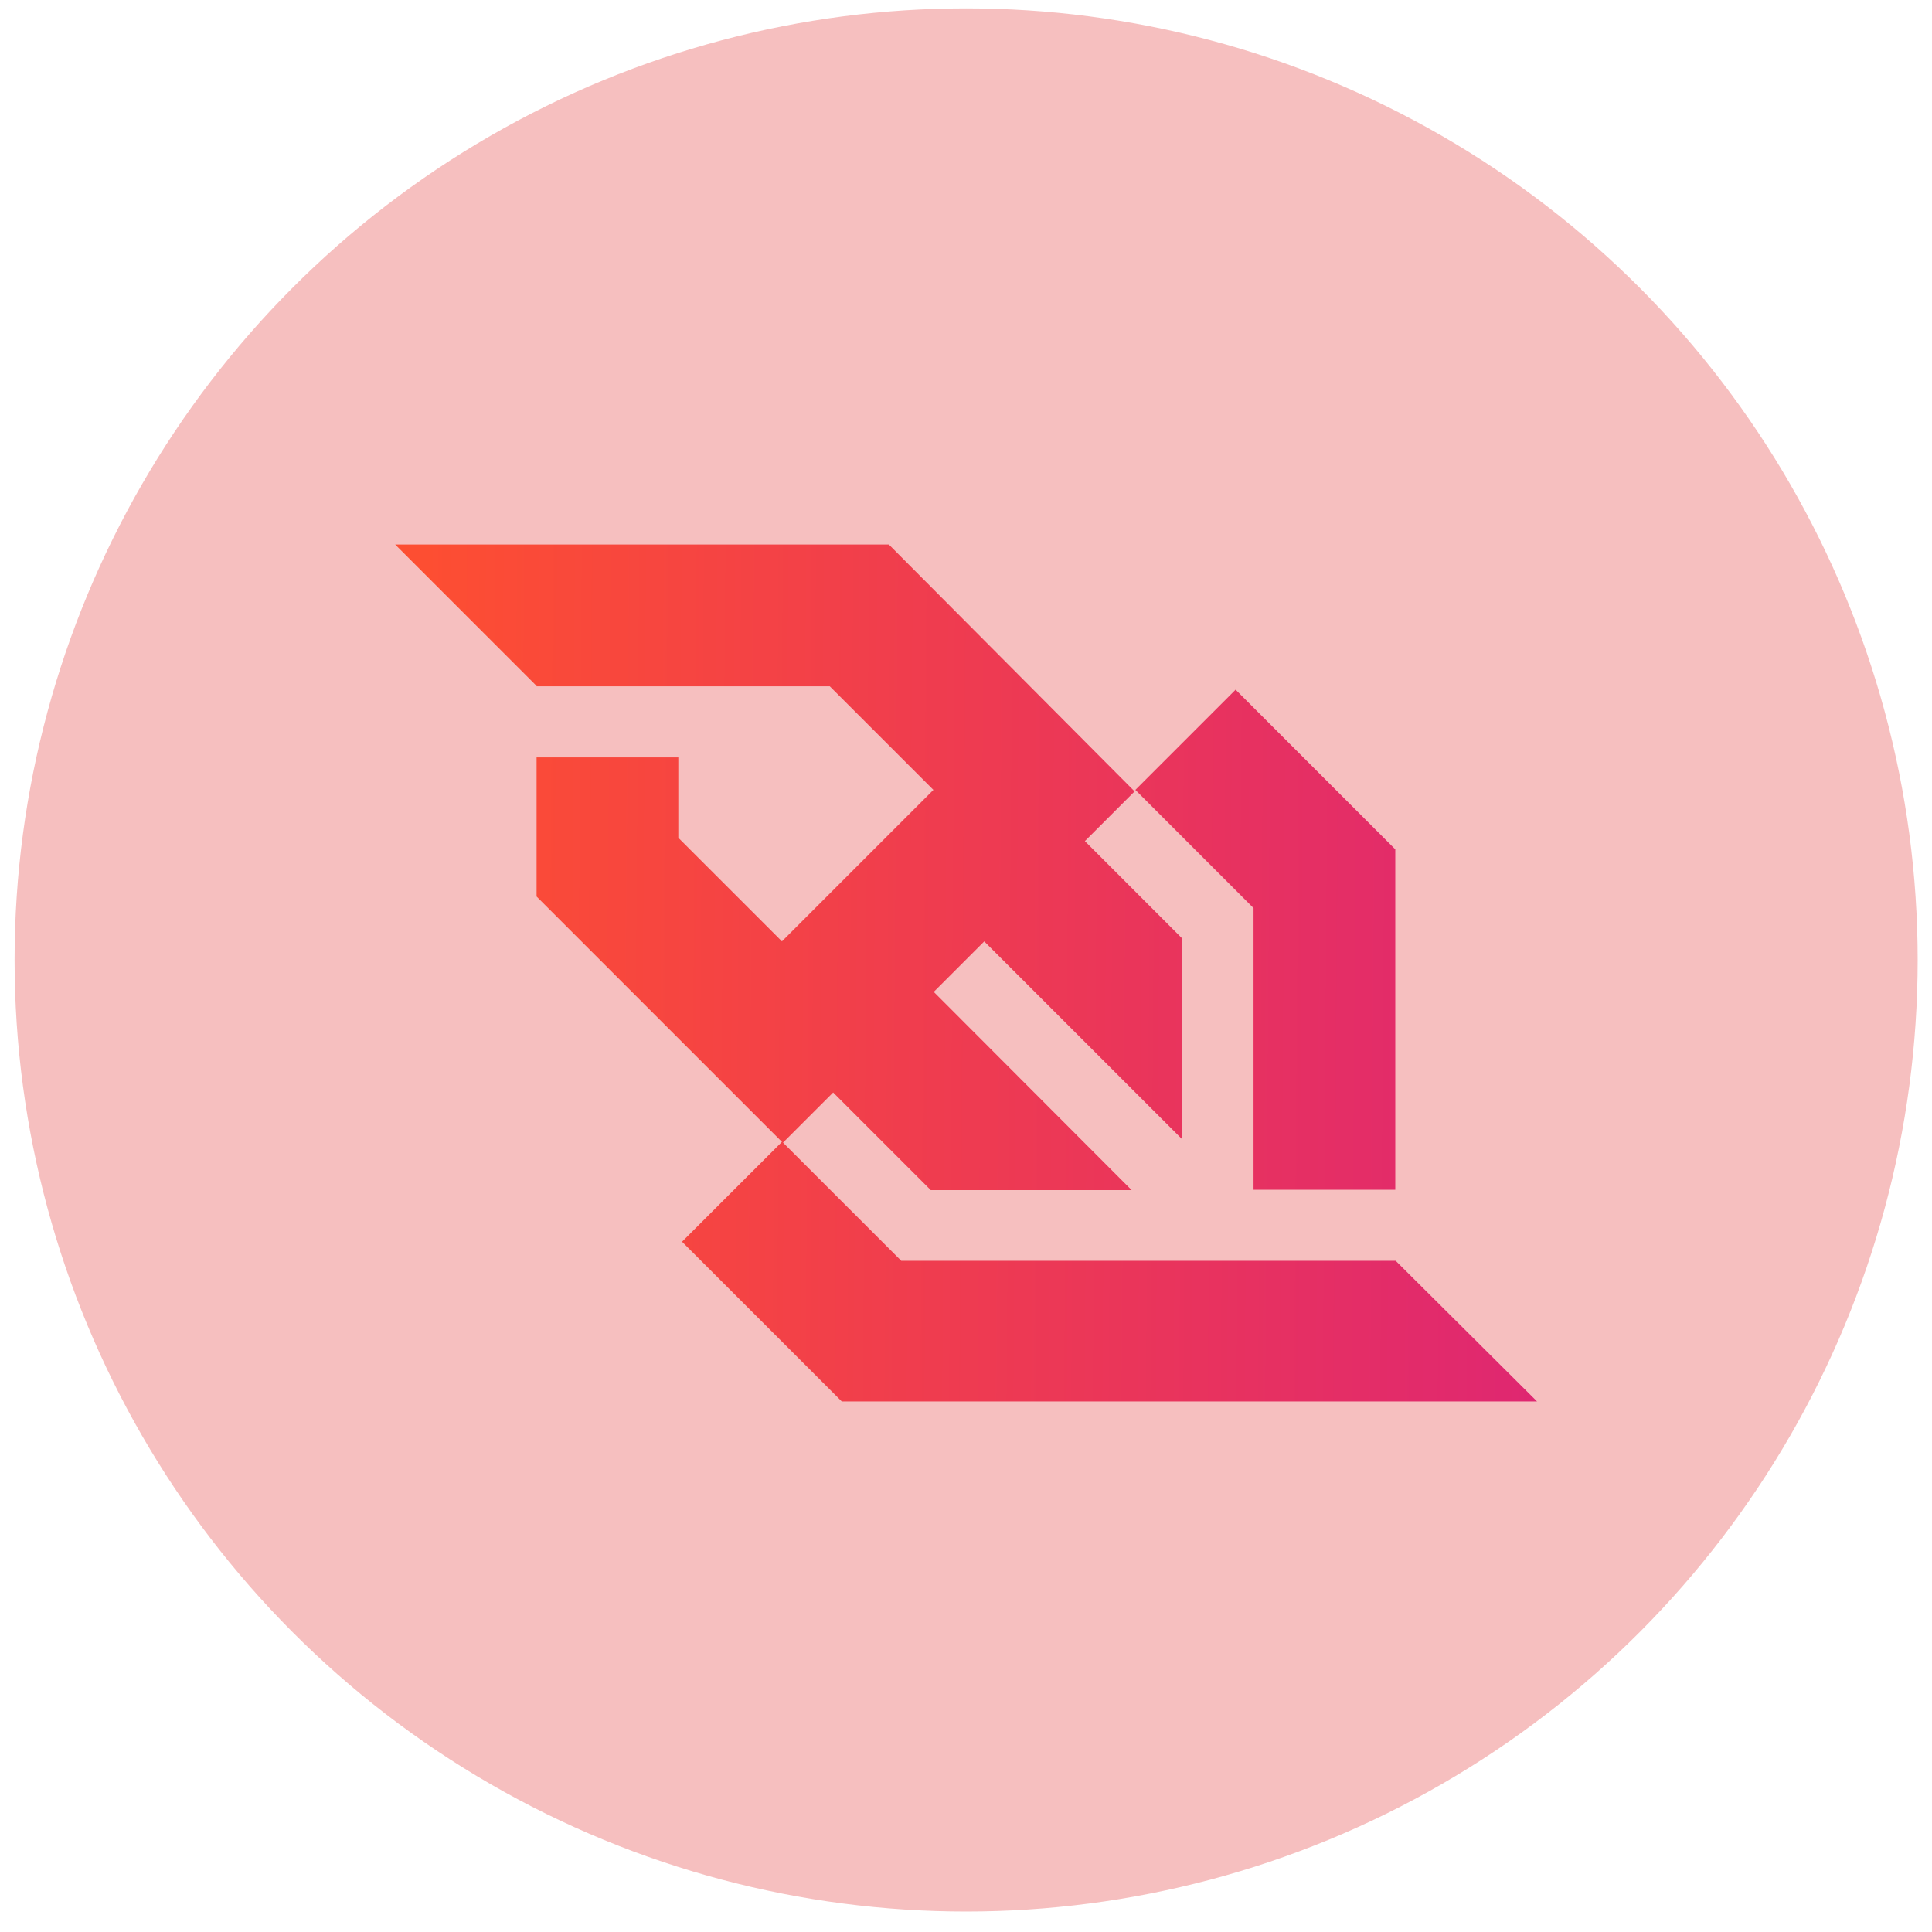 <svg width="60" height="60" viewBox="0 0 60 60" fill="none" xmlns="http://www.w3.org/2000/svg">
<ellipse cx="30.004" cy="29.812" rx="29.551" ry="29.552" fill="#F6BFBF"/>
<g clip-path="url(#clip0_4531_3047)">
<path d="M38.93 36.948H43.332V26.378L38.373 21.418L35.26 24.531L38.93 28.202V36.948ZM43.344 39.155H27.989L24.318 35.485L25.875 33.928L28.906 36.96H35.144L28.999 30.804L30.567 29.236L36.712 35.38V29.143L33.692 26.122L35.236 24.578L27.605 16.911H12.273L16.664 21.302V21.314H25.77L28.988 24.531L24.284 29.235L21.066 26.018V23.521H16.664V27.842L24.284 35.462L21.182 38.563L26.142 43.523H47.734L43.344 39.155Z" fill="url(#paint0_linear_4531_3047)"/>
</g>
<defs>
<linearGradient id="paint0_linear_4531_3047" x1="47.85" y1="33.144" x2="13.038" y2="32.885" gradientUnits="userSpaceOnUse">
<stop stop-color="#DF2771"/>
<stop offset="1" stop-color="#FD4E32"/>
</linearGradient>
<clipPath id="clip0_4531_3047">
<rect width="35.461" height="35.463" fill="white" transform="translate(12.273 12.183)"/>
</clipPath>
</defs>
</svg>

--------------------------------

Omit the pictures and reproduce the remaining material above exactly.

 <svg width="60" height="60" viewBox="0 0 60 60" fill="none" xmlns="http://www.w3.org/2000/svg">
<ellipse cx="30.004" cy="29.812" rx="29.551" ry="29.552" fill="#F6BFBF"/>
<g clip-path="url(#clip0_4531_3047)">
<path d="M38.93 36.948H43.332V26.378L38.373 21.418L35.26 24.531L38.93 28.202V36.948ZM43.344 39.155H27.989L24.318 35.485L25.875 33.928L28.906 36.96H35.144L28.999 30.804L30.567 29.236L36.712 35.38V29.143L33.692 26.122L35.236 24.578L27.605 16.911H12.273L16.664 21.302V21.314H25.77L28.988 24.531L24.284 29.235L21.066 26.018V23.521H16.664V27.842L24.284 35.462L21.182 38.563L26.142 43.523H47.734L43.344 39.155Z" fill="url(#paint0_linear_4531_3047)"/>
</g>
<defs>
<linearGradient id="paint0_linear_4531_3047" x1="47.85" y1="33.144" x2="13.038" y2="32.885" gradientUnits="userSpaceOnUse">
<stop stop-color="#DF2771"/>
<stop offset="1" stop-color="#FD4E32"/>
</linearGradient>
<clipPath id="clip0_4531_3047">
<rect width="35.461" height="35.463" fill="white" transform="translate(12.273 12.183)"/>
</clipPath>
</defs>
</svg>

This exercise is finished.